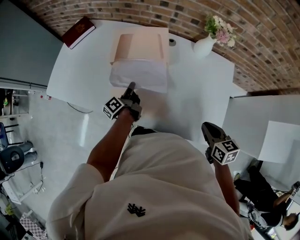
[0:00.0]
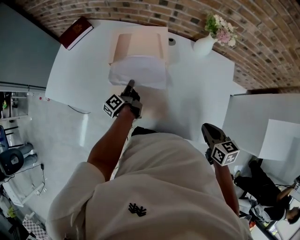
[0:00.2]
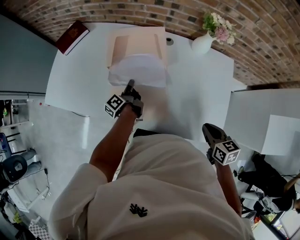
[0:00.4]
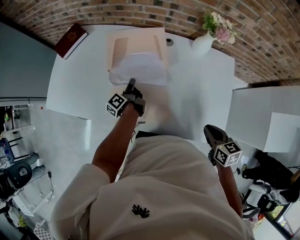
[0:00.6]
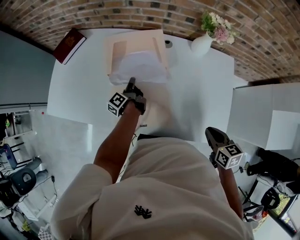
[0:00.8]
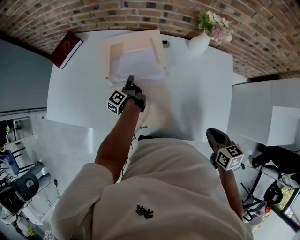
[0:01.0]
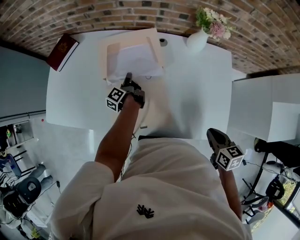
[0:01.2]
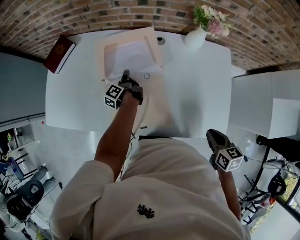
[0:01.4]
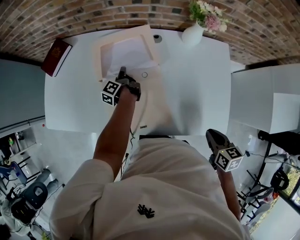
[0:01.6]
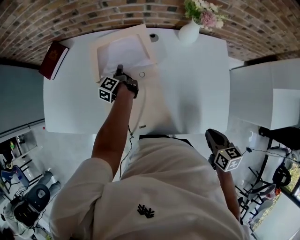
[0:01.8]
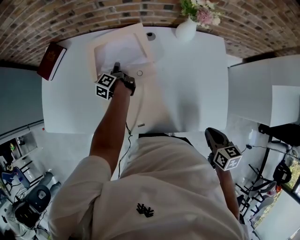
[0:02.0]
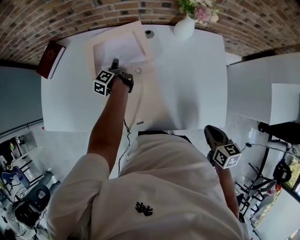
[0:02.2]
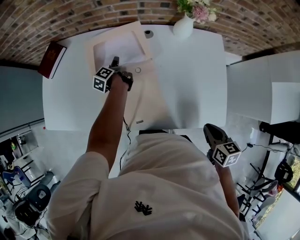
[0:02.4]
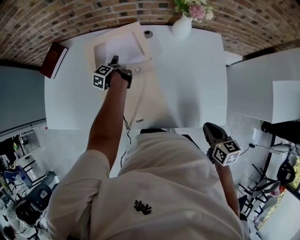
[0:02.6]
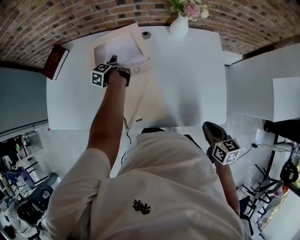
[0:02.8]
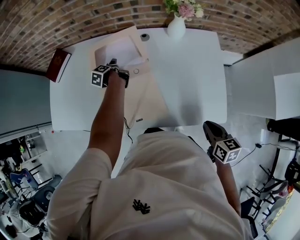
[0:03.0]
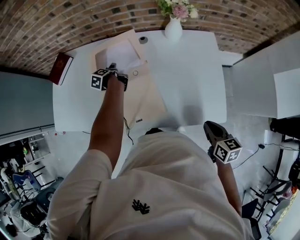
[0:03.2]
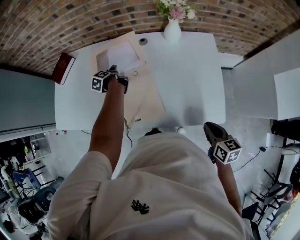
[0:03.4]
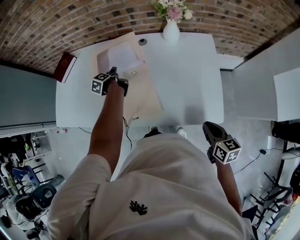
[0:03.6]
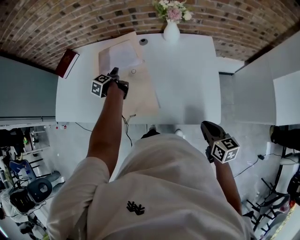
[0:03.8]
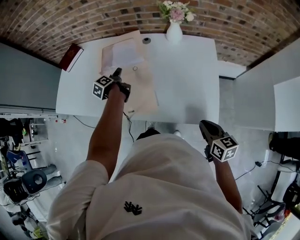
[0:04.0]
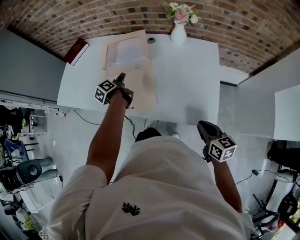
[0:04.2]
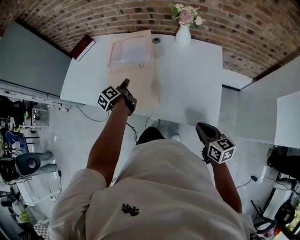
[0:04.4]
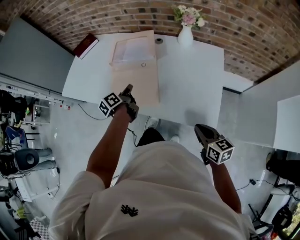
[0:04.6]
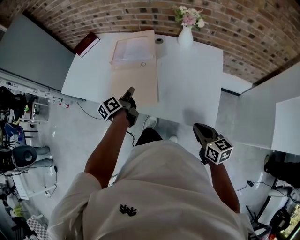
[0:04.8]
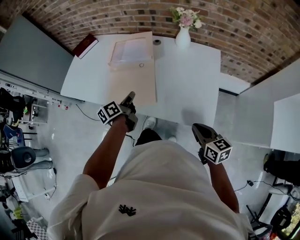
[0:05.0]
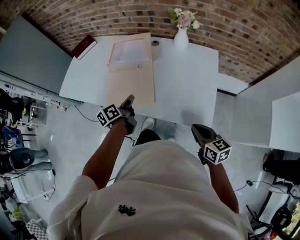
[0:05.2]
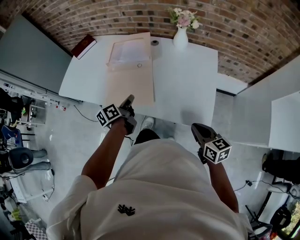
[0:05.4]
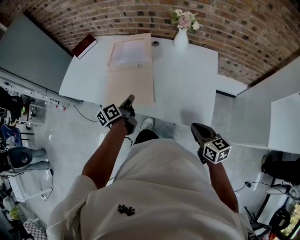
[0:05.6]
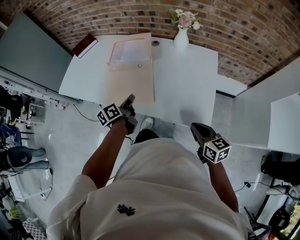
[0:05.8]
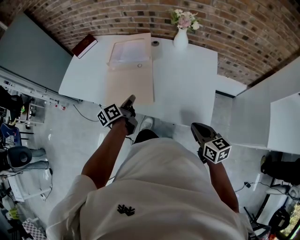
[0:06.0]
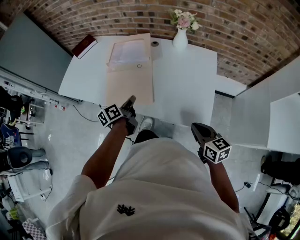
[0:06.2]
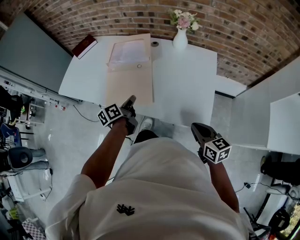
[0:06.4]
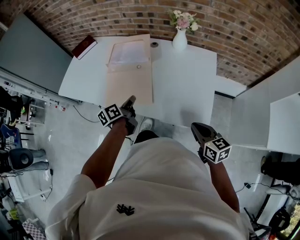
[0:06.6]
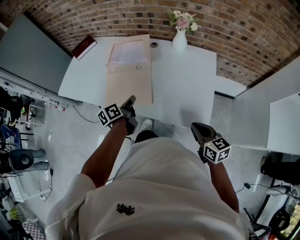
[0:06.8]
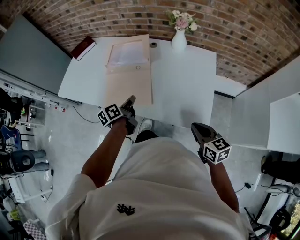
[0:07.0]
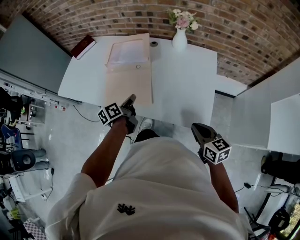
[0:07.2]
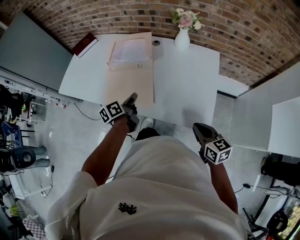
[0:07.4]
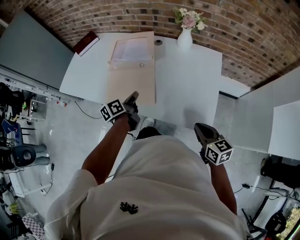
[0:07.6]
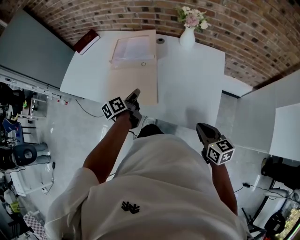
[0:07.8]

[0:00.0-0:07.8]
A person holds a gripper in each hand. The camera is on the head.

● WHAT YOU ARE ASKED TO DO
Can you restate all the records above word for word while dropping the pictures?

● RESPONSE
[0:00.0]
[0:00.2]
[0:00.4]
[0:00.6]
[0:00.8]
[0:01.0]
[0:01.2]
[0:01.4]
[0:01.6]
[0:01.8]
[0:02.0]
[0:02.2]
[0:02.4]
[0:02.6]
[0:02.8]
[0:03.0]
[0:03.2]
[0:03.4]
[0:03.6]
[0:03.8]
[0:04.0]
[0:04.2]
[0:04.4]
[0:04.6]
[0:04.8]
[0:05.0]
[0:05.2]
[0:05.4]
[0:05.6]
[0:05.8]
[0:06.0]
[0:06.2]
[0:06.4]
[0:06.6]
[0:06.8]
[0:07.0]
[0:07.2]
[0:07.4]
[0:07.6]
[0:07.8]

[0:00.0-0:07.8]
A person holds a gripper in each hand. The camera is on the head.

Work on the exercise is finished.